Input data Block Start

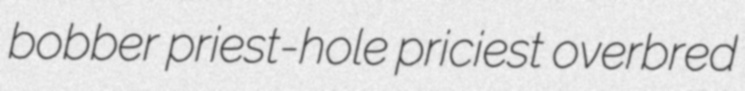
bobber priest-hole priciest overbred
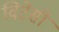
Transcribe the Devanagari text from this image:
विटेसी
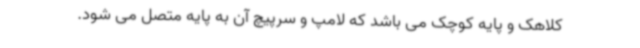
کلاهک و پایه کوچک می باشد که لامپ و سرپیچ آن به پایه متصل می شود.
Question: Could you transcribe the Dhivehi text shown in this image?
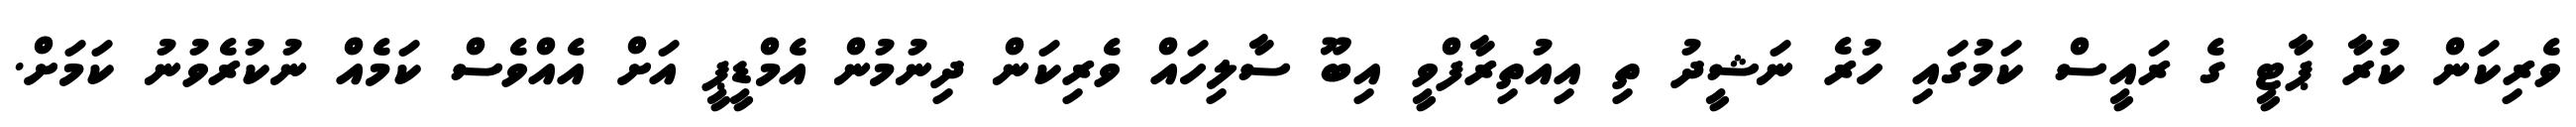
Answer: ވެރިކަން ކުރާ ޕާޓީ ގެ ރައީސް ކަމުގައި ހުރެ ނަޝީދު ތި އިއުތިރާފްވީ އިބޫ ސާލިހައް ވެރިކަން ދިނުމުން އެމްޑީޕީ އަށް އެއްވެސް ކަމެއް ނުކުރެވުނު ކަމަށް.
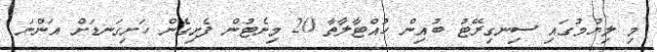
މި ލިޔުމުގައި ސިނގިރޭޓު ބުއިން ހުއްޓާލާތާ 20 މިނެޓުން ފެށިގެން ހަށިގަނޑަށް އަންނަ
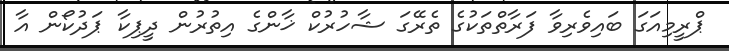
ޕްރީމިއަގަ ބައިވެރިވާ ފަރާތްތަކުގެ ތެރޭގަ ޝާހުރުކް ޚާންގެ އިތުރުން ދީޕިކާ ޕަދުކޯން އާ
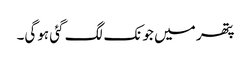
پتھر میں جونک لگ گئی ہوگی۔
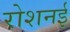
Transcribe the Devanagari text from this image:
रोशनई
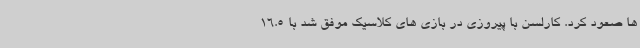
ها صعود کرد. کارلسن با پیروزی در بازی های کلاسیک موفق شد با 16.5
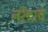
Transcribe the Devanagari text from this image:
नरेंद्राचे
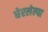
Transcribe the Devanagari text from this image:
घेरलेल्या
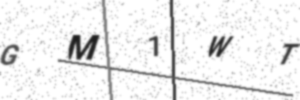
Text: GM1WT
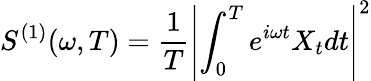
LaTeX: S^{(1)}(\omega,T)={\frac{1}{T}}\left|\int_{0}^{T}e^{i\omega t}X_{t}dt\right|^{2}
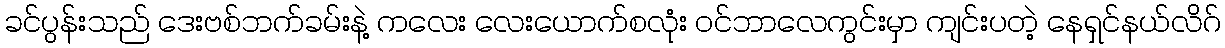
ခင်ပွန်းသည် ဒေးဗစ်ဘက်ခမ်းနဲ့ ကလေး လေးယောက်စလုံး ဝင်ဘာလေကွင်းမှာ ကျင်းပတဲ့ နေရှင်နယ်လိဂ်
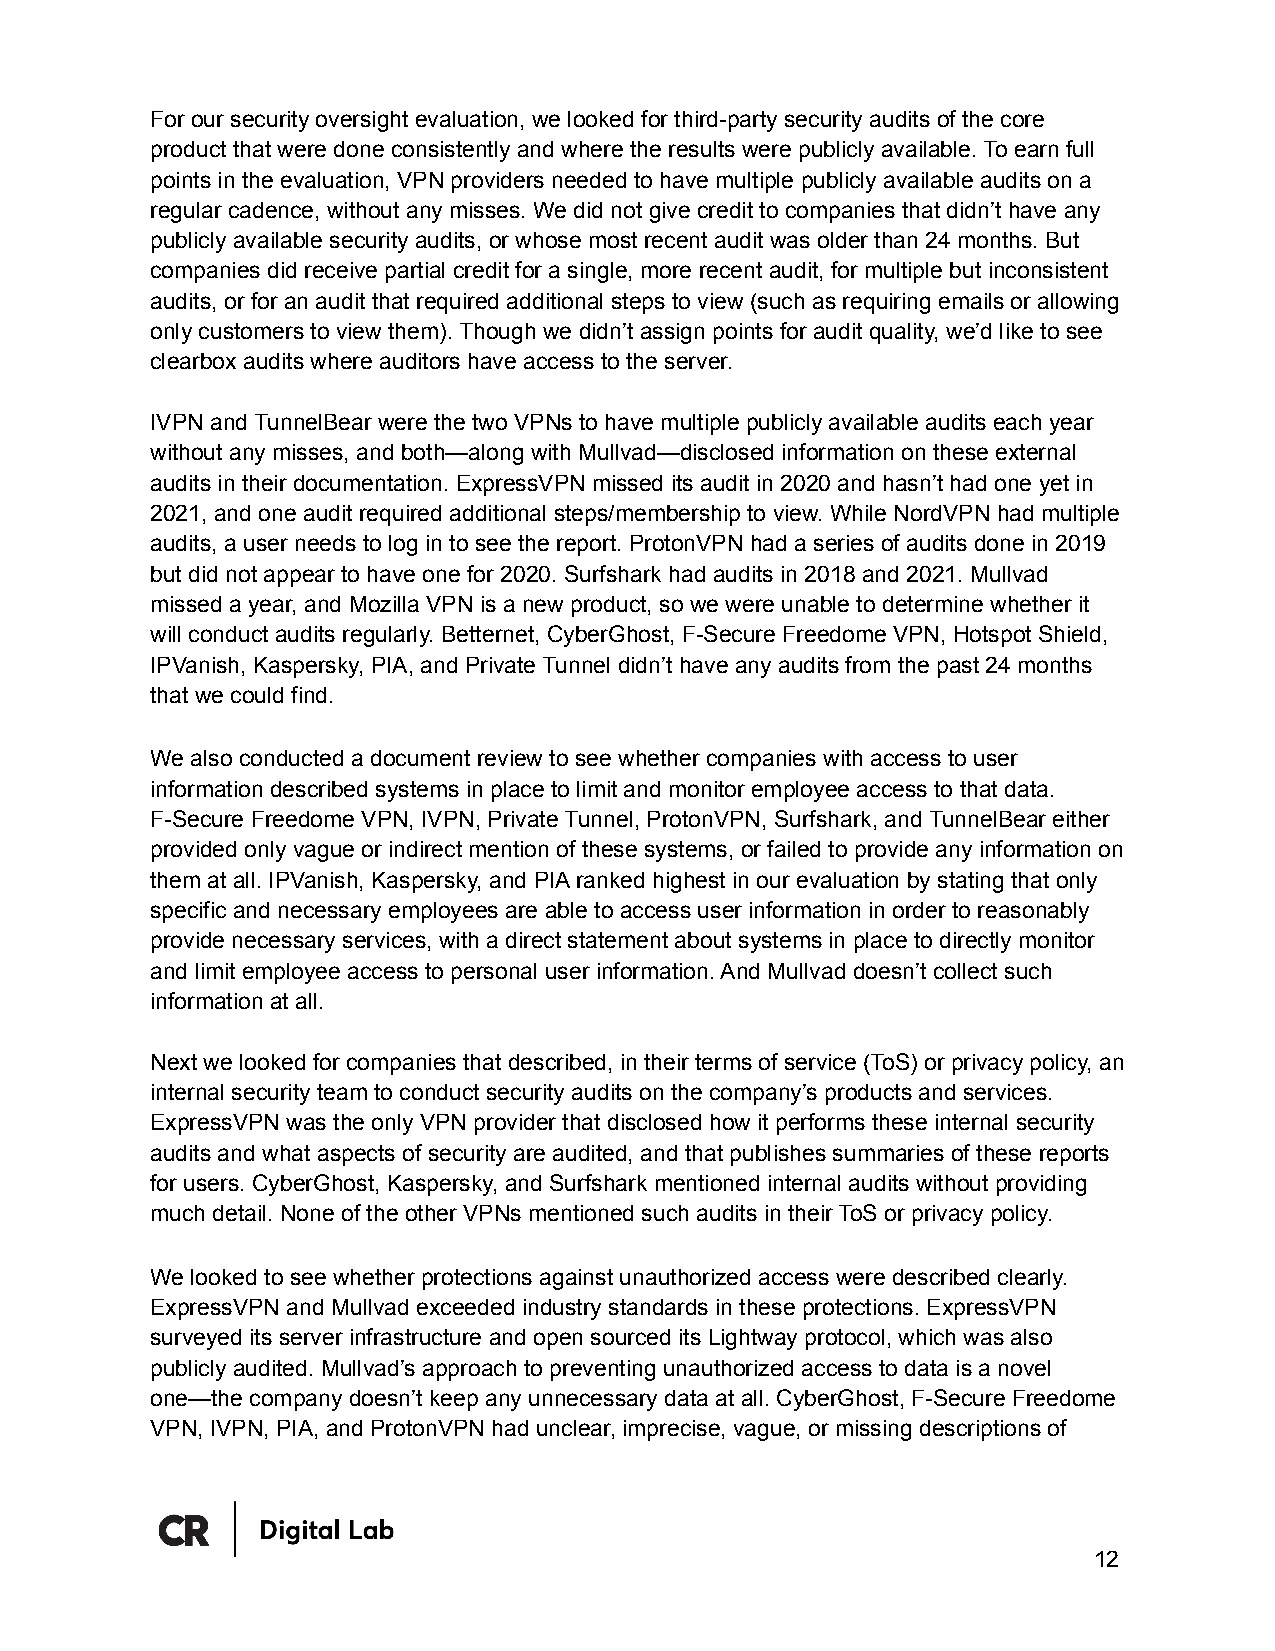
For our security oversight evaluation, we looked for third-party security audits of the core
 product that were done consistently and where the results were publicly available. To earn full
 points in the evaluation, VPN providers needed to have multiple publicly available audits on a
 regular cadence, without any misses. We did not give credit to companies that didn’t have any
 publicly available security audits, or whose most recent audit was older than 24 months. But
 companies did receive partial credit for a single, more recent audit, for multiple but inconsistent
 audits, or for an audit that required additional steps to view (such as requiring emails or allowing
 only customers to view them). Though we didn’t assign points for audit quality, we’d like to see
 clearbox audits where auditors have access to the server.
 IVPN and TunnelBear were the two VPNs to have multiple publicly available audits each year
 without any misses, and both—along with Mullvad—disclosed information on these external
 audits in their documentation. ExpressVPN missed its audit in 2020 and hasn’t had one yet in
 2021, and one audit required additional steps/membership to view. While NordVPN had multiple
 audits, a user needs to log in to see the report. ProtonVPN had a series of audits done in 2019
 but did not appear to have one for 2020. Surfshark had audits in 2018 and 2021. Mullvad
 missed a year, and Mozilla VPN is a new product, so we were unable to determine whether it
 will conduct audits regularly. Betternet, CyberGhost, F-Secure Freedome VPN, Hotspot Shield,
 IPVanish, Kaspersky, PIA, and Private Tunnel didn’t have any audits from the past 24 months
 that we could find.
 We also conducted a document review to see whether companies with access to user
 information described systems in place to limit and monitor employee access to that data.
 F-Secure Freedome VPN, IVPN, Private Tunnel, ProtonVPN, Surfshark, and TunnelBear either
 provided only vague or indirect mention of these systems, or failed to provide any information on
 them at all. IPVanish, Kaspersky, and PIA ranked highest in our evaluation by stating that only
 specific and necessary employees are able to access user information in order to reasonably
 provide necessary services, with a direct statement about systems in place to directly monitor
 and limit employee access to personal user information. And Mullvad doesn’t collect such
 information at all.
 Next we looked for companies that described, in their terms of service (ToS) or privacy policy, an
 internal security team to conduct security audits on the company’s products and services.
 ExpressVPN was the only VPN provider that disclosed how it performs these internal security
 audits and what aspects of security are audited, and that publishes summaries of these reports
 for users. CyberGhost, Kaspersky, and Surfshark mentioned internal audits without providing
 much detail. None of the other VPNs mentioned such audits in their ToS or privacy policy.
 We looked to see whether protections against unauthorized access were described clearly.
 ExpressVPN and Mullvad exceeded industry standards in these protections. ExpressVPN
 surveyed its server infrastructure and open sourced its Lightway protocol, which was also
 publicly audited. Mullvad’s approach to preventing unauthorized access to data is a novel
 one—the company doesn’t keep any unnecessary data at all. CyberGhost, F-Secure Freedome
 VPN, IVPN, PIA, and ProtonVPN had unclear, imprecise, vague, or missing descriptions of
 12
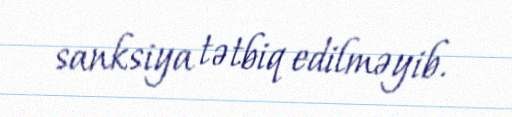
sanksiya tətbiq edilməyib.
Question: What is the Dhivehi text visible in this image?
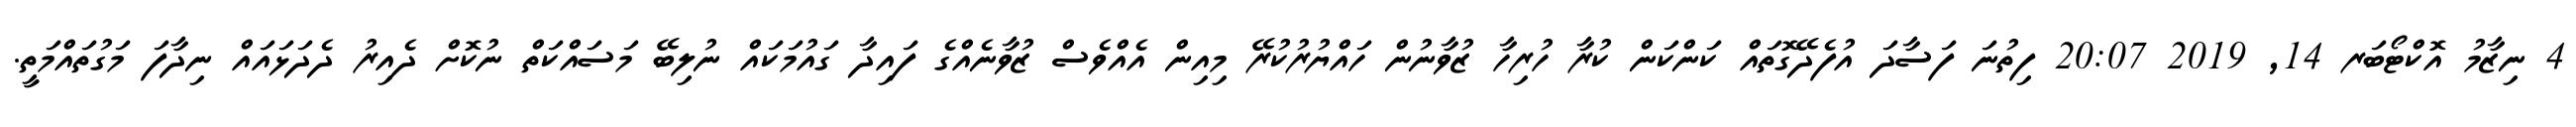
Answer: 4 ނިޒާމު އޮކްޓޯބަރ 14, 2019 20:07 ފިތުނަ ފަސާދަ އުފެދޭގޮތައް ކަންކަން ކުރާ ހުރިހާ ޒުވާނުން ހައްޔުރުކުރޭ މިއިން އެއްވެސް ޒުވާނެއްގެ ފައިދާ ގައުމަކައް ނުލިބޭ މަސައްކަތް ނުކޮށް ދެއިރު ދެދަޅައައް ނިދާފަ މަގުތައްމަތީ.
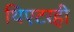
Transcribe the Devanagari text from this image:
थिएटरही
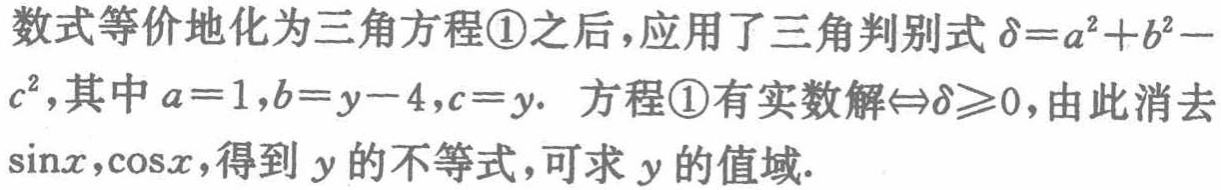
数式等价地化为三角方程\textcircled{1}之后，应用了三角判别式\(\delta = a^{2}+b^{2}-c^{2}\)，其中\(a = 1,b = y - 4,c = y\). 方程\textcircled{1}有实数解\(\Leftrightarrow\delta\geqslant0\)，由此消去\(\sin x,\cos x\)，得到\(y\)的不等式，可求\(y\)的值域.
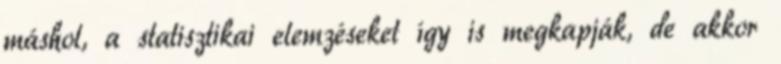
máshol, a statisztikai elemzéseket így is megkapják, de akkor
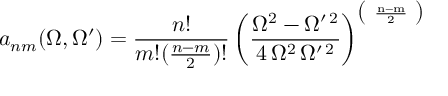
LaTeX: a _ { n m } ( \Omega , \Omega ^ { \prime } ) = \frac { n ! } { m ! ( \frac { n - m } { 2 } ) ! } \, \bigg ( { \displaystyle \frac { \Omega ^ { 2 } - \Omega ^ { \prime \, 2 } } { 4 \, \Omega ^ { 2 } \, \Omega ^ { \prime \, 2 } } } \bigg ) ^ { \big ( \mathrm { ~ \frac { n - m } { 2 } ~ } \big ) }
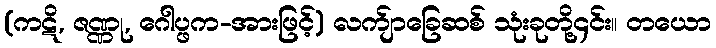
(ကဋိ, ဇဏ္ဏု, ဂေါပ္ဖက-အားဖြင့်) လက်ျာခြေဆစ် သုံးခုတို့၄င်း။ တယော
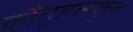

Input data Block End

Sift through the material above and copy each line that holds "them".

◆ **Result for this task**:
 only customers to view them). Though we didn’t assign points for audit quality, we’d like to see
 them at all. IPVanish, Kaspersky, and PIA ranked highest in our evaluation by stating that only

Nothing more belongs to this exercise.